The problem is that so many people now buy books through an online shop where it is impossible to get a feel for the finish on the cover or investigate the binding.
That means publishers and printers don’t just have to concentrate on how they are producing printed books, but also how they marketing their wares to bookshops and to the reading public. This means developing promotional campaigns that celebrate the look and feel of a book, as well as the words printed within it.
So while Franzen’s comments may not represent the reality of the situation, they should at least act as a spur to the printing and publishing industries to take a look at what they are doing and who they are doing it for. The likelihood is that, as with other areas where print and digital converge, the two media find a level of co-existence. Nevertheless, print will have to do more and say more to ensure it maintains its position in the books market.
BEAUTIFUL DESIGNS
Penguin Books: Clothbound classics
Designed by Coralie Bickford-Smith, this range featured well-known works by authors such as George Eliot, Arthur Conan Doyle and Jane Austen, each bound in an intricate and individually-designed cloth cover. The covers were intended to pay homage to the iconic orange spines that were for so long the stamp of Penguin Books, while better engaging a modern readership.
The Sense of an Ending
The cover of 2011 Man Booker Prize-winner Julian Barnes’s book was designed by Suzanne Dean, creative director of Vintage Publishing. She said she wanted to create something that captured the essence of the book and was "arresting and original". After 20 or more mock-ups, Dean created the final version by painting the title in ink and then smudging and fading it to reflect the themes of disintegration, time and memory.
The Everyman Library
Last year, the Everyman Library, which was originally founded in 1906, celebrated the 20th annivesray of its modern relaunch.
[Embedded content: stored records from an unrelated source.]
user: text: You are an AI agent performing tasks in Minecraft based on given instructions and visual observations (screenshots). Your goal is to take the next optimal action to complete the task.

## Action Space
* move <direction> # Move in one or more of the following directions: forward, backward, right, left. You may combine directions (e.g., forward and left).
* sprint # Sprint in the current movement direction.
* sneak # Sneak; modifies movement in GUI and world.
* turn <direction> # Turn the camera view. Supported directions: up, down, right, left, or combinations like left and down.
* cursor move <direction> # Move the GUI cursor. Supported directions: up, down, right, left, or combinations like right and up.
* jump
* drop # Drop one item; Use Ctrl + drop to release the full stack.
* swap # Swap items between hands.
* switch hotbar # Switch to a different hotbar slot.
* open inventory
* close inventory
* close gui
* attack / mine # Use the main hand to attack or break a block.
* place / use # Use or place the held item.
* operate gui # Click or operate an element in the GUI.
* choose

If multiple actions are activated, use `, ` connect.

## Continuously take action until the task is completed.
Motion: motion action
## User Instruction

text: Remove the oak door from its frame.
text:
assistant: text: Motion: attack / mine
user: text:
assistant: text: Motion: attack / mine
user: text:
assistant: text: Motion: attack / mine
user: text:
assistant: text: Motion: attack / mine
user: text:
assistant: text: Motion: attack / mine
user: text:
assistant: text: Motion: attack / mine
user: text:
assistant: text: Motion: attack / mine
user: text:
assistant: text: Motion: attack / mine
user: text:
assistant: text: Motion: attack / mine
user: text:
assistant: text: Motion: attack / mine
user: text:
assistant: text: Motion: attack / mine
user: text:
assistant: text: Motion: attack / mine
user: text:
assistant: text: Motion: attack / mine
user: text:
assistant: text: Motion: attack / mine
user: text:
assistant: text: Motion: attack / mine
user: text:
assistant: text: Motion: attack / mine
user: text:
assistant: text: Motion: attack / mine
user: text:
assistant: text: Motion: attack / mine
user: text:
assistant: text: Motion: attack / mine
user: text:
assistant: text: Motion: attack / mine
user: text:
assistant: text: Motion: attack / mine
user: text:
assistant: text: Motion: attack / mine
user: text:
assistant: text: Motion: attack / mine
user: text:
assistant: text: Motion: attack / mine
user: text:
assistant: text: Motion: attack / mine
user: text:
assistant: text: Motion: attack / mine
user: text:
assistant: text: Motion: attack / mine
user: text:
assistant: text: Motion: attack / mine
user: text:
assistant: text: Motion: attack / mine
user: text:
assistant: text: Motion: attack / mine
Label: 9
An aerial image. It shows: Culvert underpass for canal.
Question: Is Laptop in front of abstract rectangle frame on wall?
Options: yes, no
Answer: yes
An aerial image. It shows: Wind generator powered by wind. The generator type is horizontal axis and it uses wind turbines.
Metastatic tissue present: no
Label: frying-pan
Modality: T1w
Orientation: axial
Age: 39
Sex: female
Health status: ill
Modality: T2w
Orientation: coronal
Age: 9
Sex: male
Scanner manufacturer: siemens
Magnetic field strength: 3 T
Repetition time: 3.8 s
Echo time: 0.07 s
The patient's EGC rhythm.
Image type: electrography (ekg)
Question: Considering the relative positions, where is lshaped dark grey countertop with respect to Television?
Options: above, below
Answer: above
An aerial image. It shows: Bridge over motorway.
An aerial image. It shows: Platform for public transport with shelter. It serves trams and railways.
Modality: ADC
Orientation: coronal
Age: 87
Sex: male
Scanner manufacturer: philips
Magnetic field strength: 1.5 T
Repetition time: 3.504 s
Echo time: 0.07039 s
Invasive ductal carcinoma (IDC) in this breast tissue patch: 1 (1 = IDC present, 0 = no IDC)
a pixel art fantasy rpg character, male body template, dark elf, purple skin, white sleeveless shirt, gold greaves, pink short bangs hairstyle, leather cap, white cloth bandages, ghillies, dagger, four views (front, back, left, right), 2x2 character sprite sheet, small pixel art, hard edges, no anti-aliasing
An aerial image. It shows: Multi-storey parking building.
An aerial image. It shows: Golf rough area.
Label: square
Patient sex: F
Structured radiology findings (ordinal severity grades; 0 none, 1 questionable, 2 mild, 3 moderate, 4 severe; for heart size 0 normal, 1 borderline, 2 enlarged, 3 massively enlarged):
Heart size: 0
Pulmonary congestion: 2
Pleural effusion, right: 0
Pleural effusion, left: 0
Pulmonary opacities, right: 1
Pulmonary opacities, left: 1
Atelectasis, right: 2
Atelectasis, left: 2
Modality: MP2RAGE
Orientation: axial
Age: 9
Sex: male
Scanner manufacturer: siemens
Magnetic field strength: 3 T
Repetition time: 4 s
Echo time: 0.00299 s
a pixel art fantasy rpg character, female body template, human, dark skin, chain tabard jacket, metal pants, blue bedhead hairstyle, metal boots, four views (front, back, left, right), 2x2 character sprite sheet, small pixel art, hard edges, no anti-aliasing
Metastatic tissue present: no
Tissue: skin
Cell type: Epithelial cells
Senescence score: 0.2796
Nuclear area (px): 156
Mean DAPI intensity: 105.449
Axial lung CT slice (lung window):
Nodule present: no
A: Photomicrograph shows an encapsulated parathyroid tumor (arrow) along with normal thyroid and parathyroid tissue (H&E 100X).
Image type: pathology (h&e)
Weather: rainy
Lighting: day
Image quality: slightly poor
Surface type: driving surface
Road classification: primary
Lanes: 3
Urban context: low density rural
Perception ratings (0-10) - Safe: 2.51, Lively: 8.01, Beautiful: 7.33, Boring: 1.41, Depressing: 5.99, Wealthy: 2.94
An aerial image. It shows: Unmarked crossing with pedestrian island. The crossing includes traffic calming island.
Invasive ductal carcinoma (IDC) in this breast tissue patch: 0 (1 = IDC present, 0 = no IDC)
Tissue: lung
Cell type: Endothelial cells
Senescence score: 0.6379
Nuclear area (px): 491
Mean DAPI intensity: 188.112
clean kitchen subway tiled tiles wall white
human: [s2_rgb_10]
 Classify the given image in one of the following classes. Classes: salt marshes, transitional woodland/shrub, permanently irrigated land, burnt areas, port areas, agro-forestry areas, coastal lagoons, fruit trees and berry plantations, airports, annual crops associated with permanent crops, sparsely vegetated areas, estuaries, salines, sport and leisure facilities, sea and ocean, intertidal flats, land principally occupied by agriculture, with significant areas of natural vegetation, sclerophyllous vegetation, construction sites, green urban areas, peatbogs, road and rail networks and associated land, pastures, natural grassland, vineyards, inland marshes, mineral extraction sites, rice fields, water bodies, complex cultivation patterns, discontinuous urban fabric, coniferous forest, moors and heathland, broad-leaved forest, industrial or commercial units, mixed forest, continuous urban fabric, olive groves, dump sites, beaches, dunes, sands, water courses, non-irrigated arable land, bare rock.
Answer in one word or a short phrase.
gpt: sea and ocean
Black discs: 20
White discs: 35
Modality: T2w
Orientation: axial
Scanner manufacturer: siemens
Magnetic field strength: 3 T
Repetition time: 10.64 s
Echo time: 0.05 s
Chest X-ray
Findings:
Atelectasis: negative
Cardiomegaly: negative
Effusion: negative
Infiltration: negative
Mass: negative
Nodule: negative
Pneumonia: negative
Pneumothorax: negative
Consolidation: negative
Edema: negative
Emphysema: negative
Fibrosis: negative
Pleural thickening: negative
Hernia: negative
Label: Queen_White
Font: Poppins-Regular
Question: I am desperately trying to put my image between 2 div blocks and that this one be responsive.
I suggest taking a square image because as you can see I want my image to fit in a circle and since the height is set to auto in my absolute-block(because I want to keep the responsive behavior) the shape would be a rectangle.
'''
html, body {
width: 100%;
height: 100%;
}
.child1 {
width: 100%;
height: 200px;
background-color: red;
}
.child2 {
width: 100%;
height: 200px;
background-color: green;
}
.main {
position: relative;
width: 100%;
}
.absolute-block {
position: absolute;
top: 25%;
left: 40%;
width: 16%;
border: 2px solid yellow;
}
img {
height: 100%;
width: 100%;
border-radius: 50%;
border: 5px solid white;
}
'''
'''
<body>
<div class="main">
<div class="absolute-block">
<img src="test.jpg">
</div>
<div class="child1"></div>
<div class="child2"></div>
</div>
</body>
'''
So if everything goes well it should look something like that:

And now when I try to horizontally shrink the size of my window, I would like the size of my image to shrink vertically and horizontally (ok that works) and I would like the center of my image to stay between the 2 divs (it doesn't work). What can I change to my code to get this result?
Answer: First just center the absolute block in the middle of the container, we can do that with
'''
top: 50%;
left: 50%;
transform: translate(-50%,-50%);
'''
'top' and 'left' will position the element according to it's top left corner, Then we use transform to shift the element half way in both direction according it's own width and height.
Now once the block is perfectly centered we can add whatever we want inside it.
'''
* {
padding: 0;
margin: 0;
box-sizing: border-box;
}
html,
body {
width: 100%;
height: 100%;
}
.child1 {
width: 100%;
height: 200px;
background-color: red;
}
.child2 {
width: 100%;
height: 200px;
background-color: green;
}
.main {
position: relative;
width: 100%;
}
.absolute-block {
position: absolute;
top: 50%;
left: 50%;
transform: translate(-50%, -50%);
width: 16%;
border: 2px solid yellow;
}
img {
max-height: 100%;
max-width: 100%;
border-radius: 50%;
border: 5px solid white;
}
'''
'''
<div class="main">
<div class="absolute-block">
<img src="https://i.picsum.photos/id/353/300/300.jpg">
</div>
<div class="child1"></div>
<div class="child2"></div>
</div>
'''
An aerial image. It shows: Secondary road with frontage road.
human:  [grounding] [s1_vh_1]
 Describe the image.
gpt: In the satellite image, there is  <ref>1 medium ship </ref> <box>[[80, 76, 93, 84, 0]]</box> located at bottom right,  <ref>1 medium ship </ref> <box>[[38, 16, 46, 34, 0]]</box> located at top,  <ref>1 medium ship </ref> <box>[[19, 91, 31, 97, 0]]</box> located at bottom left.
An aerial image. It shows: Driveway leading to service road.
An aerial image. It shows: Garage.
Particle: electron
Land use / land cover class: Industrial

It retains its classic designs but encompasses the intricate high-standards of using Smyth-sewn, full-cloth cases with two-colour case stamping, decorative endpapers, silk ribbon markers and European style half-round spines for its hardback classic poetry collection
Persephone Books
This publisher makes use of decorative endpapers to create matching designs for its of reprints of neglected 20th century classics by mostly female writers. Dorothy Whipple’s High Wages, for example, uses endpapers based on a dress fabric from the 1930s, while Maria Rundell’s A New System of Domestic Cooking incorporates a pattern drawn from a piece of block-printed cloth at it the top and bottom of its pages.